Discussion in 'Accounting, Tax & Legal' started by lorrimer, 2nd May, 2008.

  1. lorrimer

    lorrimer Well-Known Member

    4th Jun, 2006
    Brisbane, Queensland
    I was wondering if one of the accountants out there would be kind enough to answer a question for me?
    I'm building an Investment Property ATM using funds from an IP loan. The house is a few months from completion so will not be ready to be rented out before the end of this tax year.
    I understand that the interest payments relating to this loan are tax deductable, but that when it comes to assessing Family Tax Benefit entitlement, any IP loss is normally added back on to assessable income.
    Please could someone clarify whether the interest payable on my IP loan will also need to be added back on to my assessable income for Family Tax benefit purposes, given that the rental property has yet to be completed, so is therefore not really a rental property yet,
    Thanks in advance,
  2. seaview

    seaview Well-Known Member

    8th Jun, 2006
    I am not an accountant, but have just finished paying off 2 years of Family Tax Benefit part B which I never even asked for, but then the mongrels demanded back after some losses on my tax return trickled through their filters.
    At least they let me pay it off @ $200 a month for 2 years, which I stoically look on as an interest free loan from the government.

    Basically, the interest on your new IP is only deductible this year if property is available for rent. This can be achieved by plonking a For Rent sign in front yard... it is up to you whether you actually accept a tenant. Of course if you do claim the deduction this year, then they surely will add back any loss onto your taxable income for Family Tax purposes, and you may end up in the same situation as me.

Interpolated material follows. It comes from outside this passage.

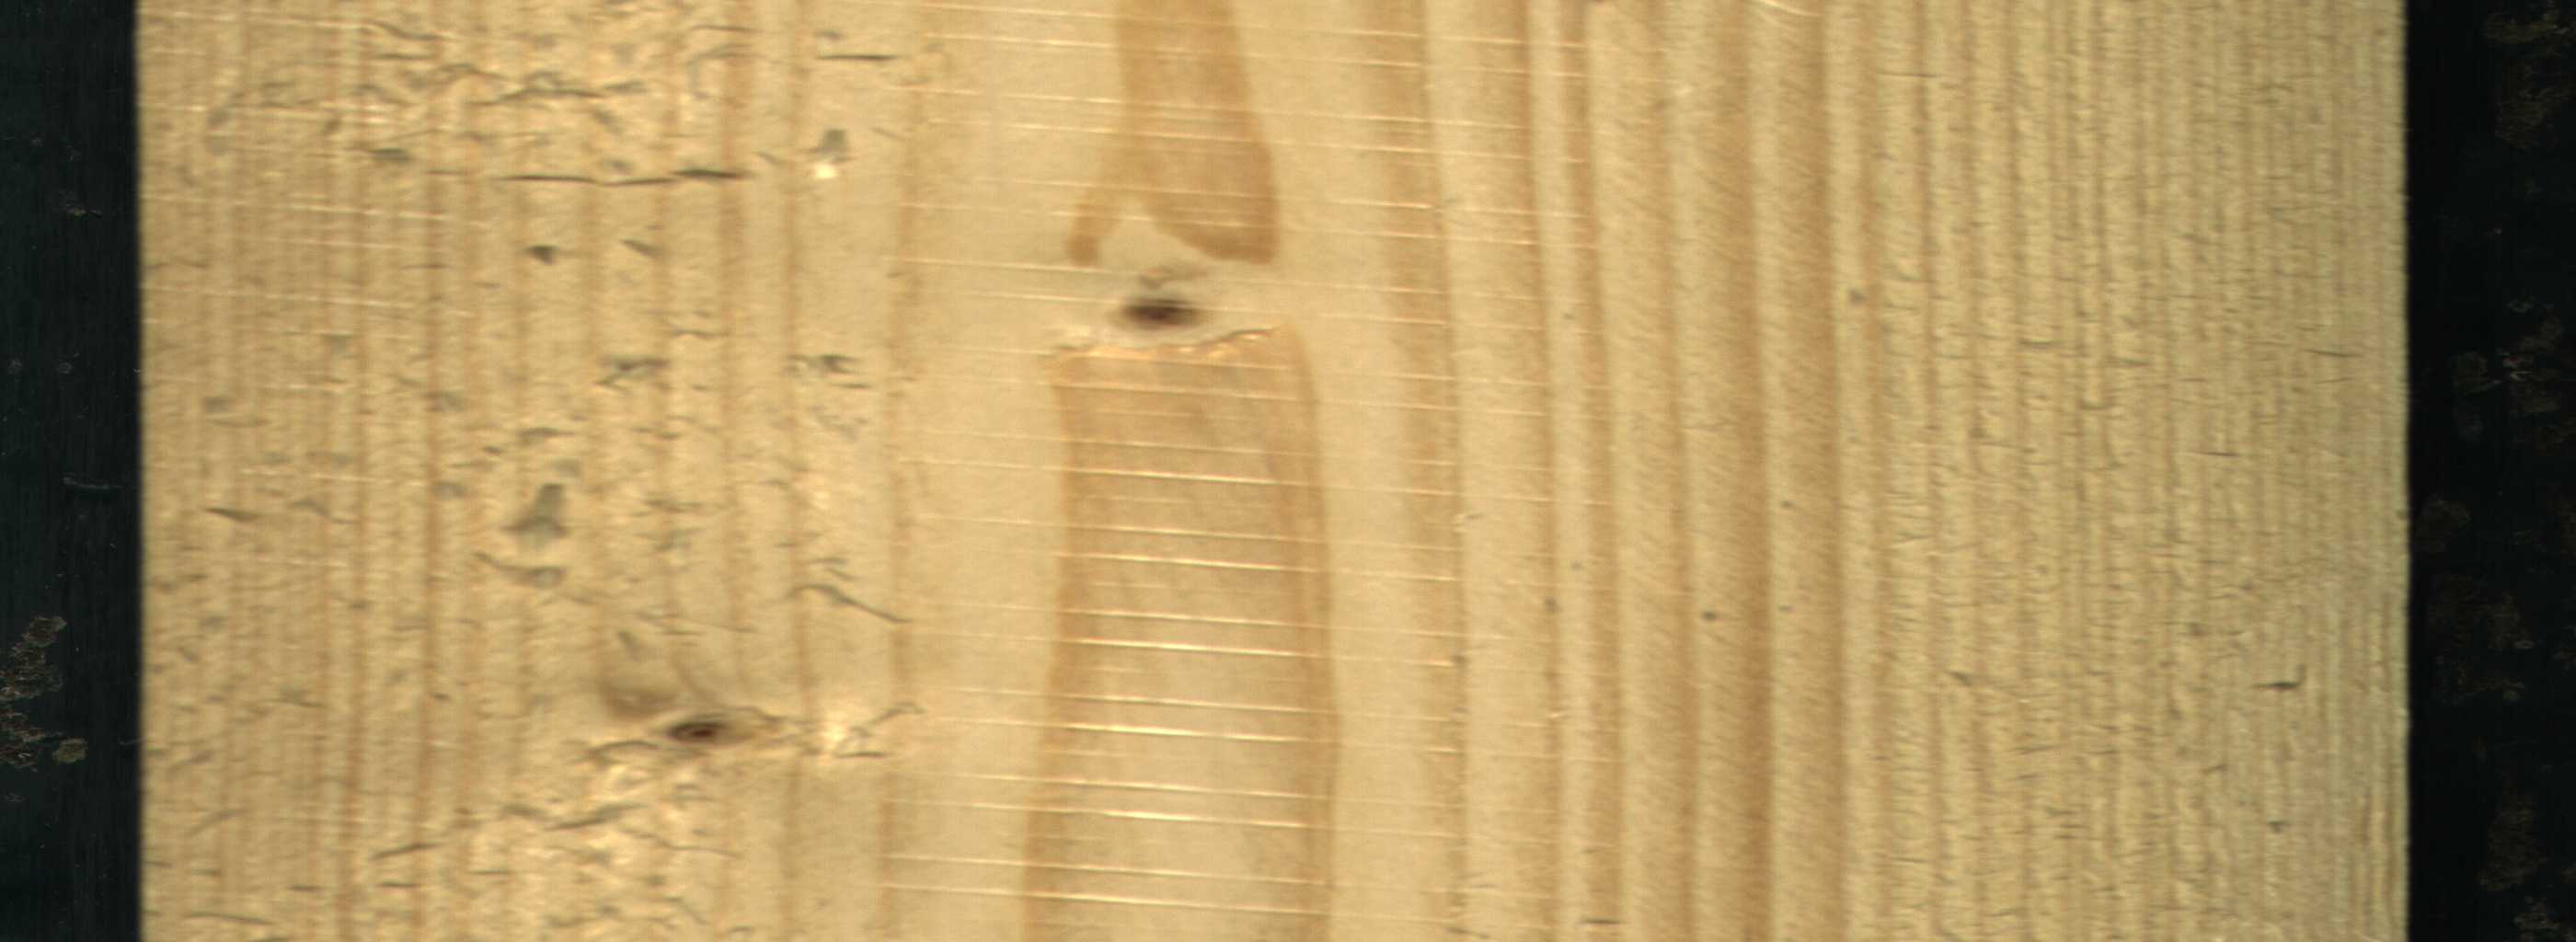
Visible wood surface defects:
Live_Knot
Live_Knot

So perhaps it is best to wait till next financial year and then tell them what they can do with the Family Tax Benefit.
    If you do not claim the interest deduction this year (because you have not rented it out), then that interest is deductible at some time in the future when you sell the property, from any capital gain you would make. :)

  3. DaveA

    DaveA Well-Known Member

    19th Feb, 2007
    Sydney, NSW
    Yes i believe its deductible... However by claiming it and it being added back on is the same as not claiming it at all....

    Best potential way to structure it is to get your employer to salary sacrifice your interest payments. As this reduces your assessabile income, it doesnt get added back on. So in future years your IP may be cash positive (except interest) which is exactly what you want for family benefit tax resons... but check this with your accountant (just make sure its not the same one your ex is using)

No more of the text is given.